Bedrock — Why AI Inference Never Hits the Public Internet

Every OpenAI, Anthropic, or Cohere API call your application makes traverses the public internet. The packet leaves your server, enters the public routing table, passes through multiple ISP hops, and arrives at the AI provider's data centre. At every hop, TLS provides confidentiality — but the provider still terminates TLS and processes your prompt in plaintext on their infrastructure. Your data is subject to their retention and training policies.

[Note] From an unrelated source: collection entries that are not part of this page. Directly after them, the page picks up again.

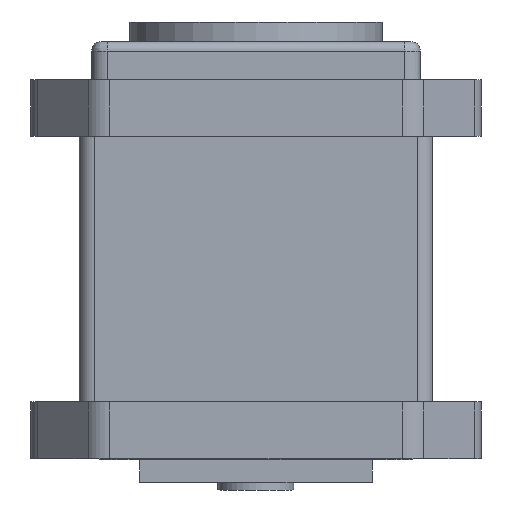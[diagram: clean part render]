
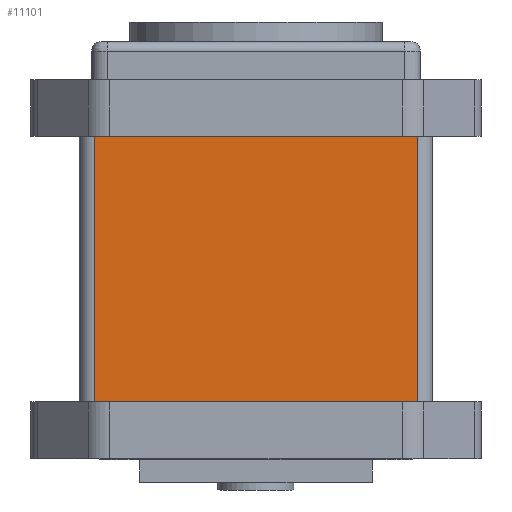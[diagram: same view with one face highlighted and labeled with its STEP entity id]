
A CAD part, left-side view. The second image highlights one B-rep face of the part: STEP entity #11101.
In plain terms, the highlighted planar face has unit normal (-1, 0, 0).
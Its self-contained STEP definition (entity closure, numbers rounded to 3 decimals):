
#1668=FACE_OUTER_BOUND('',#2308,.T.);
#2308=EDGE_LOOP('',(#9906,#9907,#9908,#9909));
#3210=LINE('',#42170,#4081);
#3215=LINE('',#42194,#4086);
#3216=LINE('',#42196,#4087);
#3217=LINE('',#42197,#4088);
#4081=VECTOR('',#15005,10.);
#4086=VECTOR('',#15032,10.);
#4087=VECTOR('',#15033,10.);
#4088=VECTOR('',#15034,10.);
#5258=VERTEX_POINT('',#42167);
#5259=VERTEX_POINT('',#42169);
#5267=VERTEX_POINT('',#42193);
#5268=VERTEX_POINT('',#42195);
#6863=EDGE_CURVE('',#5258,#5259,#3210,.T.);
#6875=EDGE_CURVE('',#5259,#5267,#3215,.T.);
#6876=EDGE_CURVE('',#5268,#5258,#3216,.T.);
#6877=EDGE_CURVE('',#5268,#5267,#3217,.F.);
#9906=ORIENTED_EDGE('',*,*,#6875,.F.);
#9907=ORIENTED_EDGE('',*,*,#6863,.F.);
#9908=ORIENTED_EDGE('',*,*,#6876,.F.);
#9909=ORIENTED_EDGE('',*,*,#6877,.T.);
#10507=PLANE('',#12161);
#11101=ADVANCED_FACE('',(#1668),#10507,.T.);
#12161=AXIS2_PLACEMENT_3D('',#42192,#15030,#15031);
#15005=DIRECTION('',(0.,-1.,0.));
#15030=DIRECTION('center_axis',(-1.,0.,0.));
#15031=DIRECTION('ref_axis',(0.,-1.,0.));
#15032=DIRECTION('',(0.,0.,-1.));
#15033=DIRECTION('',(0.,0.,1.));
#15034=DIRECTION('',(0.,1.,0.));
#42167=CARTESIAN_POINT('',(-23.837,12.766,9.649));
#42169=CARTESIAN_POINT('',(-23.837,-12.764,9.649));
#42170=CARTESIAN_POINT('',(-23.837,-5.862,9.649));
#42192=CARTESIAN_POINT('Origin',(-23.837,-11.714,-11.831));
#42193=CARTESIAN_POINT('',(-23.837,-12.764,-11.331));
#42194=CARTESIAN_POINT('',(-23.837,-12.764,-11.831));
#42195=CARTESIAN_POINT('',(-23.837,12.766,-11.331));
#42196=CARTESIAN_POINT('',(-23.837,12.766,-11.831));
#42197=CARTESIAN_POINT('',(-23.837,-5.86,-11.331));

Amazon Bedrock is fundamentally different. When a VegaRAG Fargate task calls Bedrock's API, the packet travels from the container's ENI through the VPC router, across AWS's private fibre backbone, and into the Bedrock service endpoint — all within the same AWS region, all on private infrastructure. The packet never enters the public internet routing table. This is equivalent to a private network call, not an internet API call.

Data residency
All inference stays within your selected AWS region. No data leaves the region boundary.
No training on your data
AWS contractually guarantees Bedrock prompts and responses are not used to train foundation models.
VPC routing
Traffic routes over AWS backbone fiber, not public internet. No TLS termination by third parties.
Audit trail
All Bedrock API calls are logged in CloudTrail with full request metadata. Queryable by security team.
Compliance
Bedrock is HIPAA eligible, SOC 1/2/3 compliant, and ISO 27001 certified — inherited by applications using it.